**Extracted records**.
++++

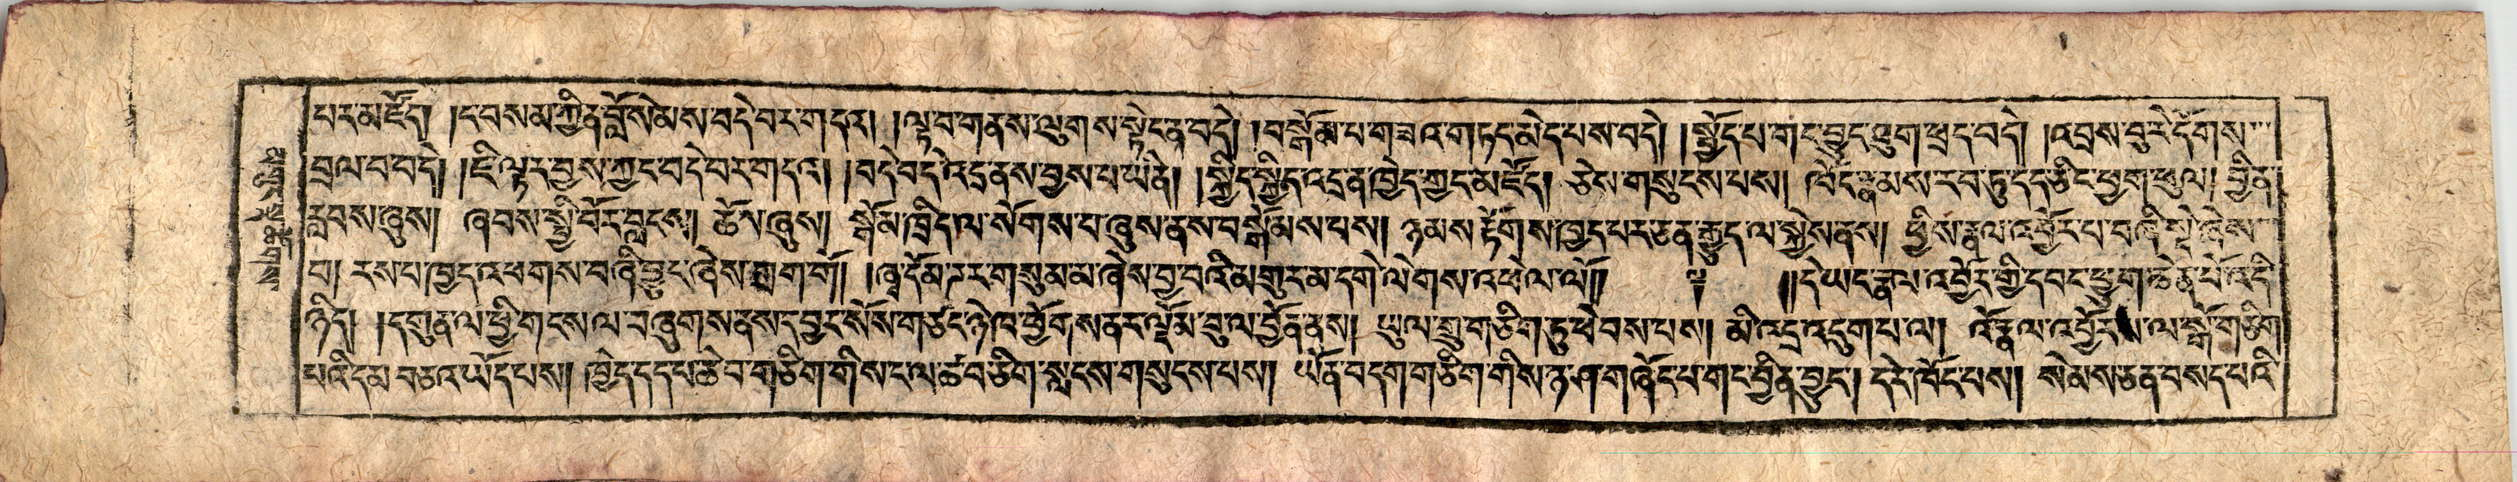པར་མཛོད། །ང་བསམ་ཀྱིན་བློས་སེམས་བདེ་བར་གདའ། །ལྟ་བ་གནས་ལུགས་སྟེང་ན་བདེ། །བསྒོམ་པ་གཟའ་གཏད་མེད་པས་བདེ། །སྤྱོད་པ་གང་བྱུང་ཐུག་ཕྲད་བདེ། །འབྲས་བུ་རེ་དོགས་
བྲལ་བ་བདེ། །ཇི་ལྟར་བྱས་ཀྱང་བདེ་བར་གདའ། །བདེ་བདེ་འདྲ་ནས་བྱས་པ་ཡིན། །སྐྱིད་སྐྱིད་འདྲ་ན་ཁྱེད་ཀྱང་མཛོད། ཅེས་གསུངས་པས། ཁོང་རྣམས་རབ་ཏུ་དད་ཅིང་ཕྱག་ཕུལ། བྱིན་
རླབས་ཞུས། ཞབས་སྤྱི་བོར་བླངས། ཆོས་ཞུས། སྒོམ་ཁྲིད་ལ་སོགས་པ་ཞུས་ནས་བསྒོམས་པས། ཉམས་རྟོགས་ཁྱད་པར་ཅན་རྒྱུད་ལ་སྐྱེས་ནས། ཕྱིས་རྣལ་འབྱོར་པ་བཞི་སྡེ་ཞེས་
པ། རས་པ་ཁྱད་འཕགས་བཞི་བྱུང་ཞེས་གྲག་གོ། །ཞྭ་དོམ་ཌར་གསུམ་མ་ཞེས་བྱ་བའི་མགུར་མ་དགེ་ལེགས་འཕེལ་ལོ། །དེ་ཡང་རྣལ་འབྱོར་གྱི་དབང་ཕྱུག་ཆེན་པོ་འདི་
ཉིད། །དགུན་ལ་ཕྱི་གངས་ལ་བཞུགས་ནས་དབྱར་སོས་གཙང་ཉེ་ཁ་ཕྱོགས་ནར་ལྡོམ་བུ་ལ་བྱོན་ནས། ཡུལ་གྲུ་གཅིག་ཏུ་ཕེབས་པས། མི་འདྲ་འདུག་པ་ལ། རྣལ་འབྱོར་པ་ལ་སྒོ་གཅིག་
པའི་དམ་བཅའ་ཡོད་པས། ཁྱེད་དད་པ་ཆེ་བ་གཅིག་གིས་ང་ལ་ཚ་བ་ཅིག་སླངས་གསུངས་པས། ཡོན་བདག་གཅིག་གིས་ཉ་ཤ་གཞོང་པ་གང་བྱིན་བྱུང་། དང་ཁོང་པས། སེམས་ཅན་བསད་པའི་
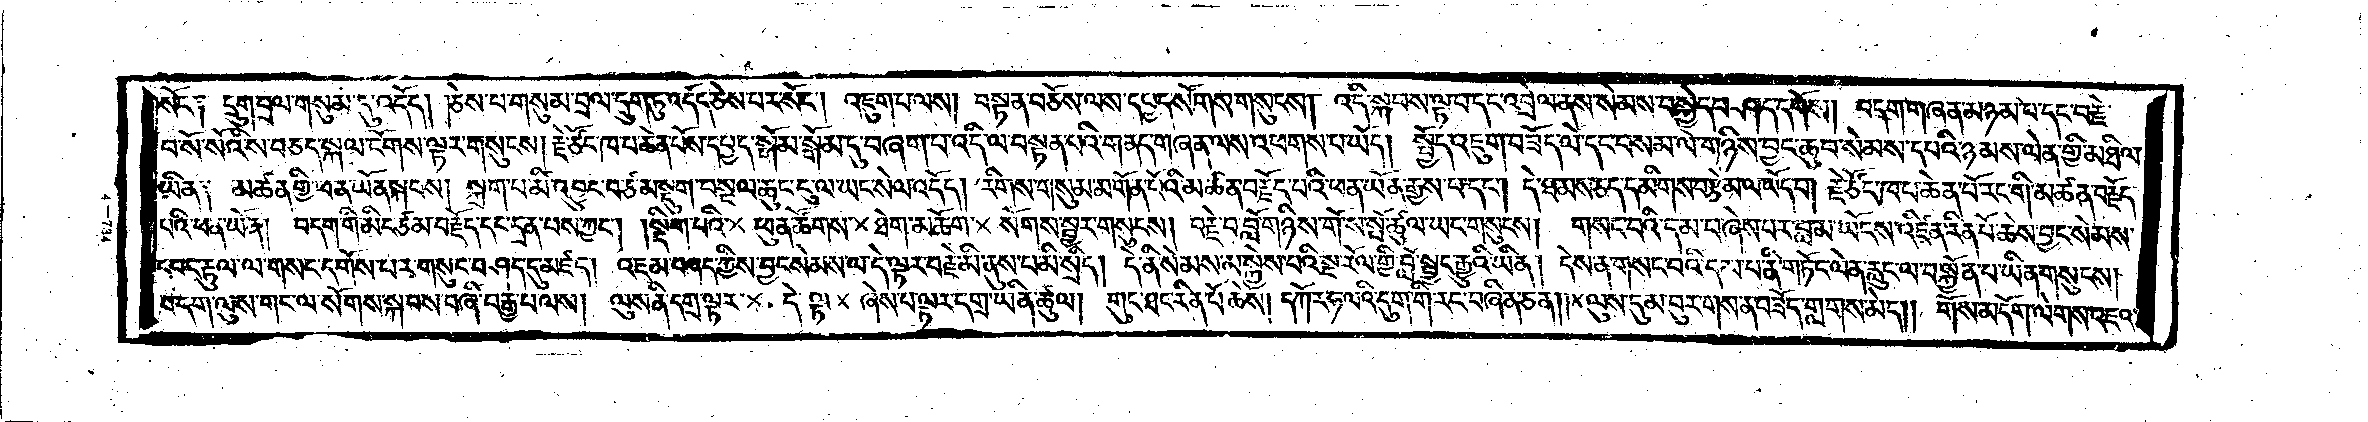སོང༑ དྲུག་བྲལ་གསུམ་དུ་འདོད། །ཅེས་པ་གསུམ་བྲལ་དྲུག་ཏུ་འདོད་ཅེས་པར་སོང་། འཇུག་པ་ལས། བསྟན་བཅོས་ལས་དཔྱད་སོགས་གསུངས། འདི་སྐབས་ལྟ་བ་དང་འཕྲེལ་ནས་སེམས་བསྐྱེད་བཤད་དགོས། བདག་གཞན་མཉམ་པ་དང་བརྗེ་
པ་སོ་སོའི་ས་བཅད་སྐལ་ངོགས་ལྟར་གསུངས། རྗེ་ཙོང་ཁ་པ་ཆེན་པོས་དཔྱད་སྒོམ་སྒོམ་དུ་བཞག་པ་འདི་ལ་བསྟན་པའི་གནད་གཞན་ལས་འཕགས་པ་ཡོད། སྤྱོད་འཇུག་བཟོད་ལེ་དང་བསམ་ལེ་གཉིས་བྱང་ཆུབ་སེམས་དཔའི་ཉམས་ལེན་གྱི་མཐིལ་
ཡིན༑ མཚན་གྱི་ཕན་ཡོན་སྐབས། སྐྲག་པ་མི་འབྱུང་བ་ཙམ་སྡུག་བསྔལ་ཆུང་དུ་ལ་ཡང་སེལ་འདོད། རིགས་གསུམ་མགོན་པོའི་མཚན་བརྗོད་པའི་ཕན་ཡོན་རྒྱས་པ་དང་། དེ་ཐམས་ཅད་དམིགས་བརྩེམ་ལ་ཡོད་པ། རྗེ་ཙོང་ཁ་པ་ཆེན་པོ་རང་གི་མཚན་བརྗོད་
པའི་ཕན་ཡོན། བདག་གི་མིང་ཙམ་བརྗོད་དང་དྲན་པས་ཀྱང་། །སྡིག་པའི་྾་ཕུན་ཚོགས་྾་ཐེག་མཆོག་྾་སོགས་སྦྱར་གསུངས། བརྗེ་བ་བློ་གཉིས་གོ་ས་སྤོ་ཚུལ་ཡང་གསུངས། གསང་བའི་དམ་པ་ཞེས་པར་བླ་མ་ཡོངས་འཛིན་རིན་པོ་ཆེས་བྱང་སེམས་
དབང་རྟུལ་ལ་གསང་དགོས་པར་གསུང་བཤད་དུ་མཛད། འཇམ་བཞད་ཀྱིས་བྱང་སེམས་ལ་དེ་ལྟར་བརྗེ་མི་ནུས་པ་མི་སྲིད། དེ་ནི་སེམས་མ་སྐྱེས་པའི་སྔ་རོལ་གྱི་བློ་སྦྱང་རྒྱུའི་ཡིན། དེས་ན་གསང་བའི་དམ་པ་ནི་གཏོང་ལེན་རླུང་ལ་བསྐྱོན་པ་ཡིན་གསུངས།
བདག་ལུས་གང་ལ་སོགས་སྐབས་བཞི་བརྒྱ་པ་ལས། ལུས་ནི་དགྲ་ལྟར་྾་དེ་ལྟ་྾་ཞེས་པ་ལྟར་དགྲ་ཡིན་ཚུལ། གུང་ཐང་རིན་པོ་ཆེས། དཀོར་ཧ་ལའི་དུག་གི་རང་བཞིན་ཅན། །྾་ལུས་དུམ་བུར་གས་ན་བཟོད་གླགས་མེད།། གོས་མདོག་ལེགས་འཇའ་
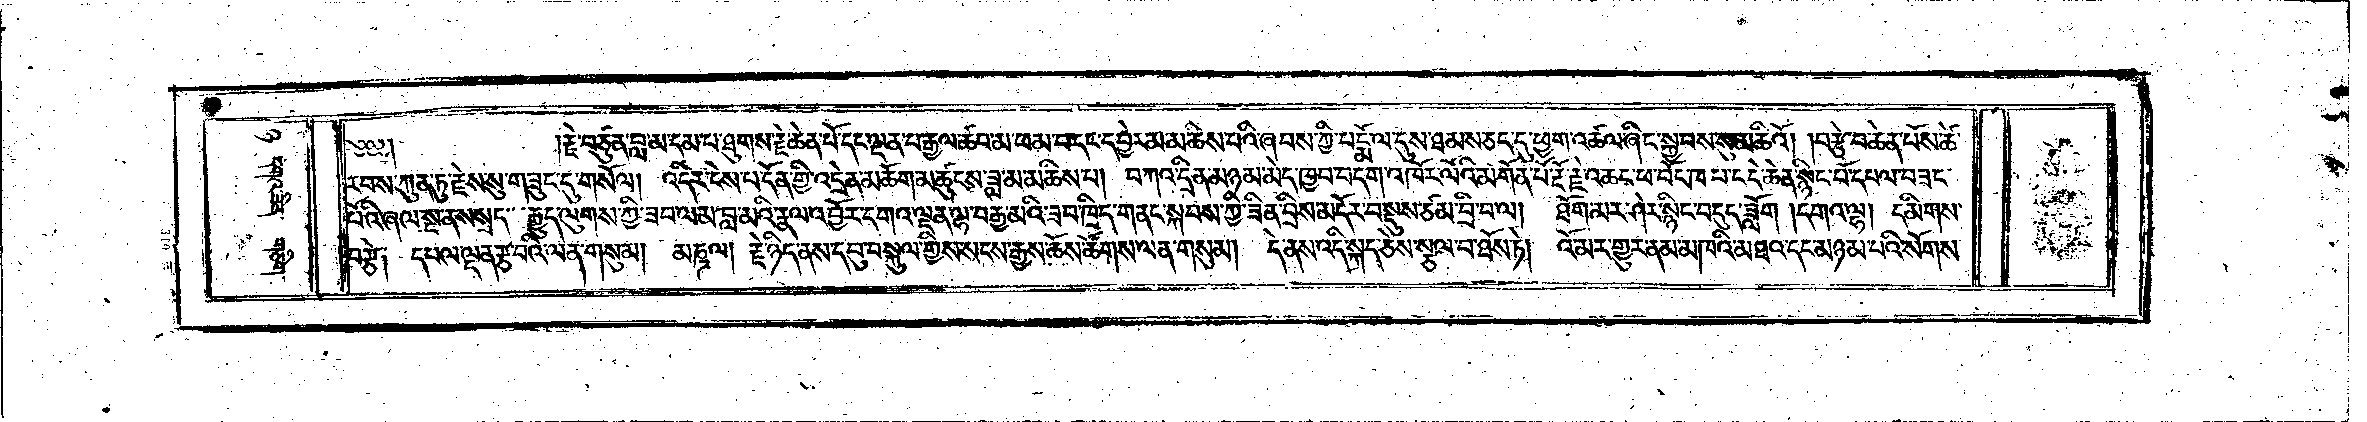༄༅༅། །རྗེ་བཙུན་བླ་མ་དམ་པ་ཐུགས་རྗེ་ཆེན་པོ་དང་ལྡན་པ་རྒྱལ་ཚབ་མ་ཕམ་པ་དང་དབྱེར་མ་མཆིས་པའི་ཞབས་ཀྱི་པདམོ་ལ་དུས་ཐམས་ཅད་དུ་ཕྱག་འཚལ་ཞིང་སྐྱབས་སུ་མཆིའོ། །བརྩེ་བ་ཆེན་པོས་ཚེ་
རབས་ཀུན་ཏུ་རྗེས་སུ་གཟུང་དུ་གསོལ། །འདིར་ངེས་པ་དོན་གྱི་འདྲེན་མཆོག་མཚུངས་ཟླ་མ་མཆིས་པ། བཀའ་དྲིན་མཉམ་མེད་ཁྱབ་བདག་འཁོར་ལོའི་མགོན་པོ་རྡོ་རྗེ་འཆང་ཕ་བོང་ཁ་པ་བདེ་ཆེན་སྙིང་པོ་དཔལ་བཟང་
པོའི་ཞལ་སྔ་ནས་སྲད་རྒྱུད་ལུགས་ཀྱི་ཟབ་ལམ་བླ་མའི་རྣལ་འབྱོར་དགའ་ལྡན་ལྷ་བརྒྱ་མའི་ཟབ་ཁྲིད་གནང་སྐབས་ཀྱི་ཟིན་བྲིས་མདོར་བསྡུས་ཙམ་བྲི་བ་ལ། ཐོག་མར་ཤེར་སྙིང་བདུད་ཟློག །དགའ་ལྷ། དམིགས་
བརྩེ༑ དཔལ་ལྡན་རྩ་བའི་ལན་གསུམ། མཎྜལ། རྗེ་ཉིད་ནས་དབུ་བསྐུལ་གྱིས་སངས་རྒྱས་ཆོས་ཚོགས་ལན་གསུམ། དེ་ནས་འདི་སྐད་ཅེས་སྩལ་བ་ཐོས་ཏེ། འོ་མར་གྱུར་ནམ་མཁའི་མཐའ་དང་མཉམ་པའི་སོགས་
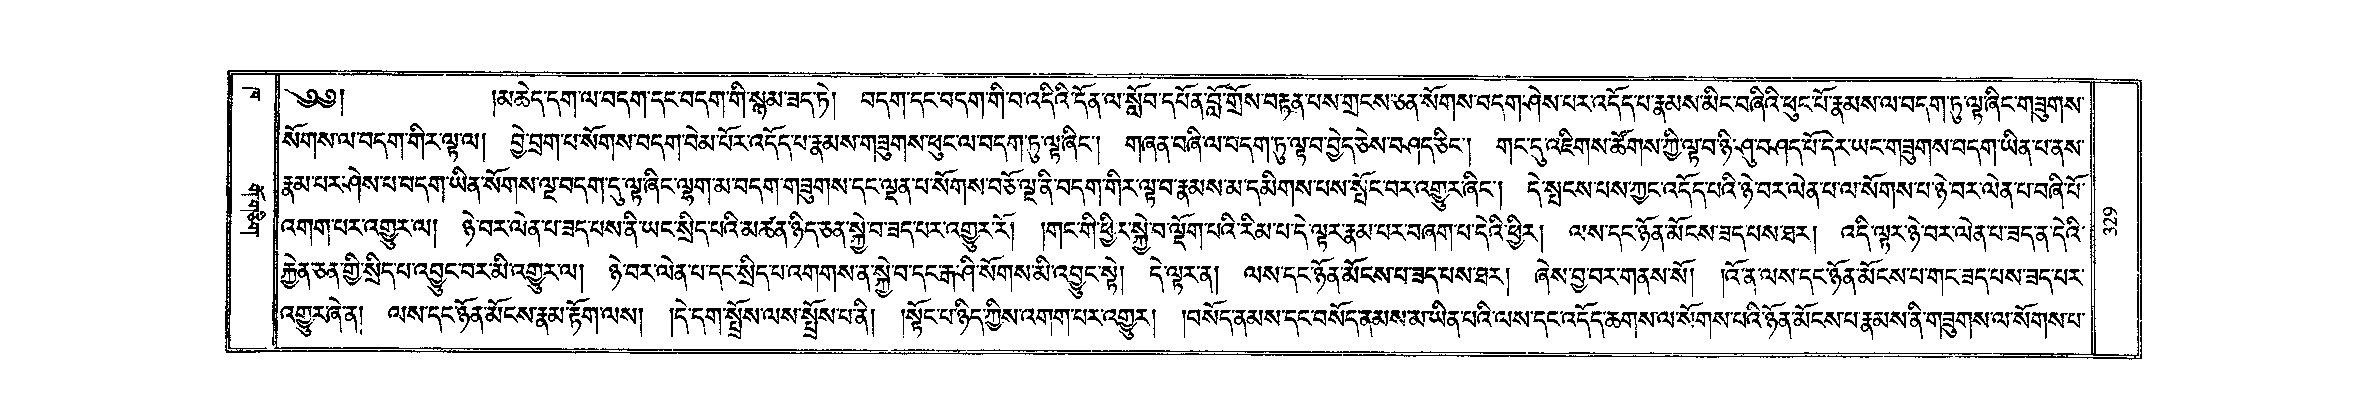༄༅། །མཆེད་དག་ལ་བདག་དང་བདག་གི་སྙམ་ཟད་ཏེ། བདག་དང་བདག་གི་བ་འདིའི་དོན་ལ་སློབ་དཔོན་བློ་གྲོས་བརྟན་པས་གྲངས་ཅན་སོགས་བདག་ཤེས་པར་འདོད་པ་རྣམས་མིང་བཞིའི་ཕུང་པོ་རྣམས་ལ་བདག་ཏུ་ལྟ་ཞིང་གཟུགས་
སོགས་ལ་བདག་གིར་ལྟ་ལ། བྱེ་བྲག་པ་སོགས་བདག་བེམ་པོར་འདོད་པ་རྣམས་གཟུགས་ཕུང་ལ་བདག་ཏུ་ལྟ་ཞིང་། གཞན་བཞི་ལ་བདག་ཏུ་ལྟ་བ་བྱེད་ཅེས་བཤད་ཅིང་། གང་དུ་འཇིགས་ཚོགས་ཀྱི་ལྟ་བ་ཉི་ཤུ་བཤད་པོ་དེར་ཡང་གཟུགས་བདག་ཡིན་པ་ནས་
རྣམ་པར་ཤེས་པ་བདག་ཡིན་སོགས་ལྔ་བདག་དུ་ལྟ་ཞིང་ལྷག་མ་བདག་གཟུགས་དང་ལྡན་པ་སོགས་བཅོ་ལྔ་ནི་བདག་གིར་ལྟ་བ་རྣམས་མ་དམིགས་པས་སྤོང་བར་འགྱུར་ཞིང་། དེ་སྤངས་པས་ཀྱང་འདོད་པའི་ཉེ་བར་ལེན་པ་ལ་སོགས་པ་ཉེ་བར་ལེན་པ་བཞི་པོ་
འགག་པར་འགྱུར་ལ། ཉེ་བར་ལེན་པ་ཟད་པས་ནི་ཡང་སྲིད་པའི་མཚན་ཉིད་ཅན་སྐྱེ་བ་ཟད་པར་འགྱུར་རོ། །གང་གི་ཕྱིར་སྐྱེ་བ་ལྡོག་པའི་རིམ་པ་དེ་ལྟར་རྣམ་པར་བཞག་པ་དེའི་ཕྱིར། ལས་དང་ཉོན་མོངས་ཟད་པས་ཐར། འདི་ལྟར་ཉེ་བར་ལེན་པ་ཟད་ན་དེའི་
རྐྱེན་ཅན་གྱི་སྲིད་པ་འབྱུང་བར་མི་འགྱུར་ལ། ཉེ་བར་ལེན་པ་དང་སྲིད་པ་འགགས་ན་སྐྱེ་བ་དང་རྒ་ཤི་སོགས་མི་འབྱུང་སྟེ། དེ་ལྟར་ན། ལས་དང་ཉོན་མོངས་པ་ཟད་པས་ཐར། ཞེས་བྱ་བར་གནས་སོ། །འོ་ན་ལས་དང་ཉོན་མོངས་པ་གང་ཟད་པས་ཟད་པར་
འགྱུར་ཞེ་ན། ལས་དང་ཉོན་མོངས་རྣམ་རྟོག་ལས། །དེ་དག་སྤྲོས་ལས་སྤྲོས་པ་ནི། །སྟོང་པ་ཉིད་ཀྱིས་འགག་པར་འགྱུར། །བསོད་ནམས་དང་བསོད་ནམས་མ་ཡིན་པའི་ལས་དང་འདོད་ཆགས་ལ་སོགས་པའི་ཉོན་མོངས་པ་རྣམས་ནི་གཟུགས་ལ་སོགས་པ་

++++

**YOUR INSTRUCTIONS**. Only lines containing the string "འཕགས" are needed. Pull each of them out of the records above.

**WRITTEN SOLUTION**.
པ། རས་པ་ཁྱད་འཕགས་བཞི་བྱུང་ཞེས་གྲག་གོ། །ཞྭ་དོམ་ཌར་གསུམ་མ་ཞེས་བྱ་བའི་མགུར་མ་དགེ་ལེགས་འཕེལ་ལོ། །དེ་ཡང་རྣལ་འབྱོར་གྱི་དབང་ཕྱུག་ཆེན་པོ་འདི་
པ་སོ་སོའི་ས་བཅད་སྐལ་ངོགས་ལྟར་གསུངས། རྗེ་ཙོང་ཁ་པ་ཆེན་པོས་དཔྱད་སྒོམ་སྒོམ་དུ་བཞག་པ་འདི་ལ་བསྟན་པའི་གནད་གཞན་ལས་འཕགས་པ་ཡོད། སྤྱོད་འཇུག་བཟོད་ལེ་དང་བསམ་ལེ་གཉིས་བྱང་ཆུབ་སེམས་དཔའི་ཉམས་ལེན་གྱི་མཐིལ་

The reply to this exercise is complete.